**WORK REQUEST**:
Return exactly the line that contains "The person turns. For them, the turn goes" and all lines beneath it in the entries, through the very last one.

**INFORMATION SHOWN**:
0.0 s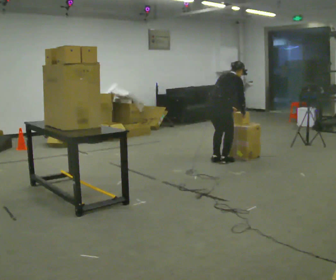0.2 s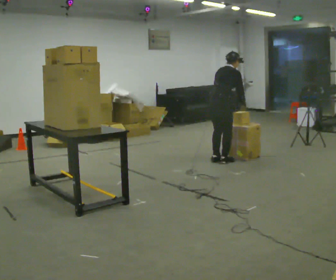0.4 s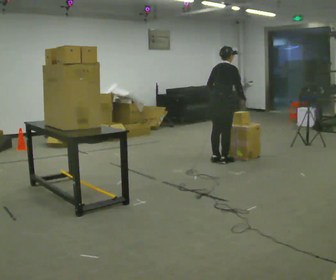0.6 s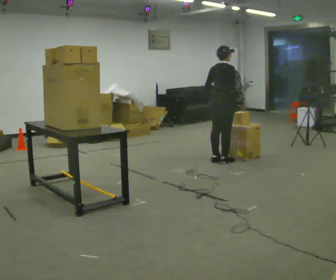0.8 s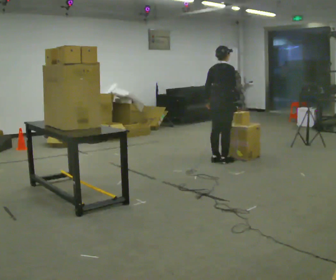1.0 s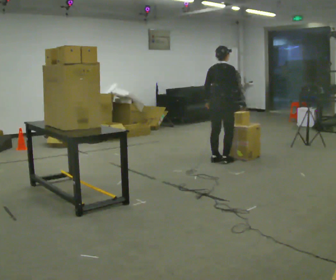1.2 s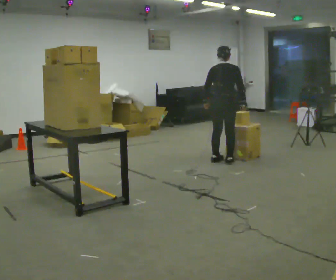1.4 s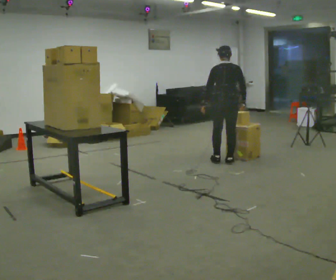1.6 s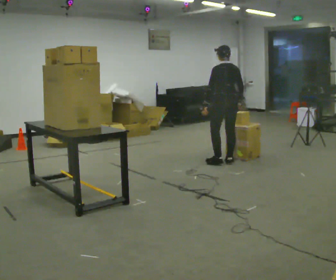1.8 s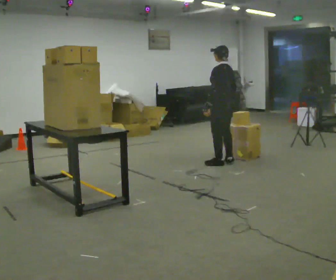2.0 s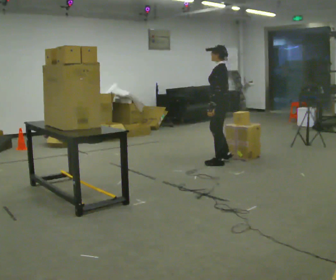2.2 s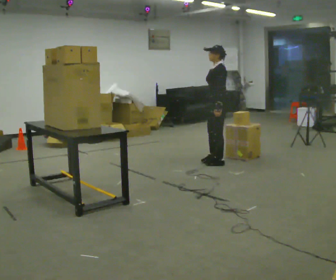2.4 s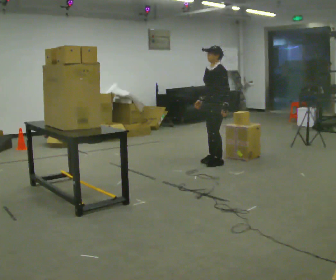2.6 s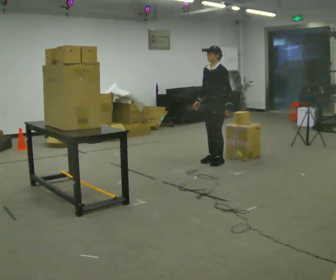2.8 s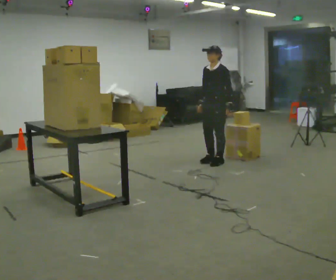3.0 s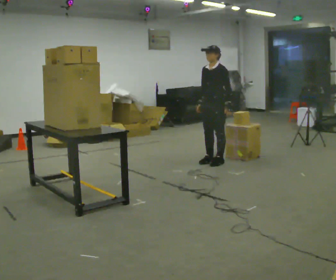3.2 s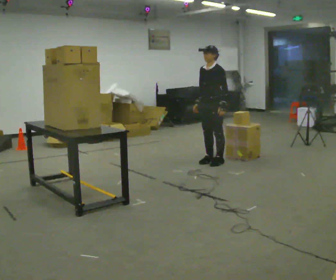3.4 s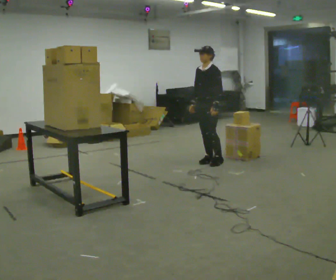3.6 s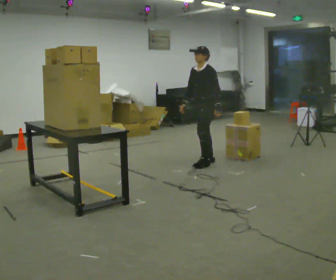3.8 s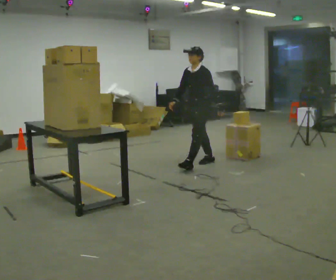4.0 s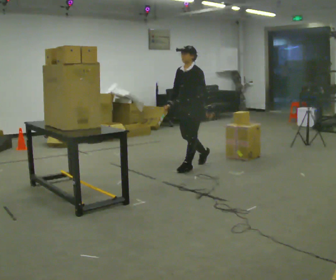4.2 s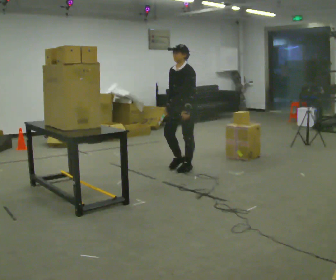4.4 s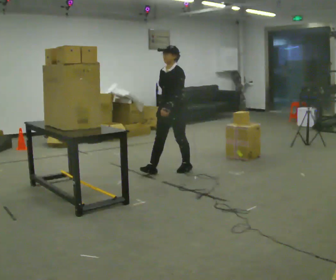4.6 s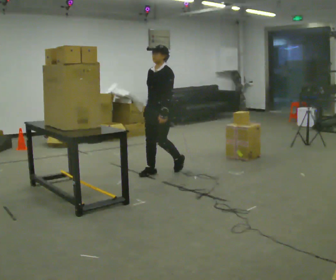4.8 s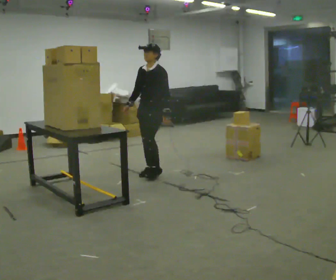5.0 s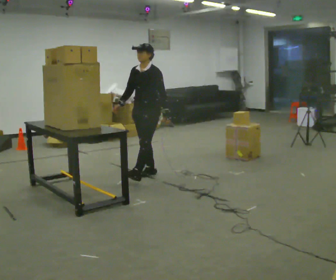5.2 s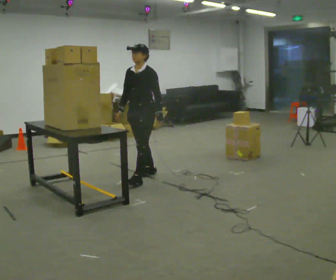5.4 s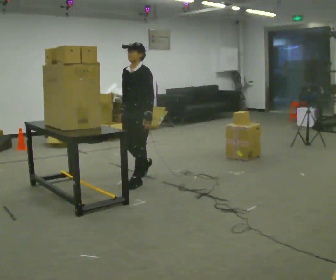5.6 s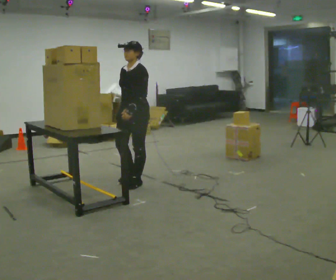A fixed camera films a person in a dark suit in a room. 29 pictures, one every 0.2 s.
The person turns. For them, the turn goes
to their left.
The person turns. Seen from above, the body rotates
counterclockwise.
0.0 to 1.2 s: The part of the body nearest the lens slides to the right as the person turns to their left by about 30 degrees. The upper body tips toward the camera, its near side rolling downward, as they lean back or straighten. In the picture their left hand goes to the left.
1.2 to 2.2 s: The person turns about 120 degrees to their left, counterclockwise seen from above, so the part of the body nearest the lens slides to the right.
2.2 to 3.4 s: The part of the body nearest the lens slides to the right as the person turns to their left by about 30 degrees.
3.4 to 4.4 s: In the picture they go toward the camera and to the left, about 0.75 m in 1 step, which for them is forward.
4.4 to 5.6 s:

**REPLY**:
The person turns. For them, the turn goes
to their left.
The person turns. Seen from above, the body rotates
counterclockwise.
0.0 to 1.2 s: The part of the body nearest the lens slides to the right as the person turns to their left by about 30 degrees. The upper body tips toward the camera, its near side rolling downward, as they lean back or straighten. In the picture their left hand goes to the left.
1.2 to 2.2 s: The person turns about 120 degrees to their left, counterclockwise seen from above, so the part of the body nearest the lens slides to the right.
2.2 to 3.4 s: The part of the body nearest the lens slides to the right as the person turns to their left by about 30 degrees.
3.4 to 4.4 s: In the picture they go toward the camera and to the left, about 0.75 m in 1 step, which for them is forward.
4.4 to 5.6 s:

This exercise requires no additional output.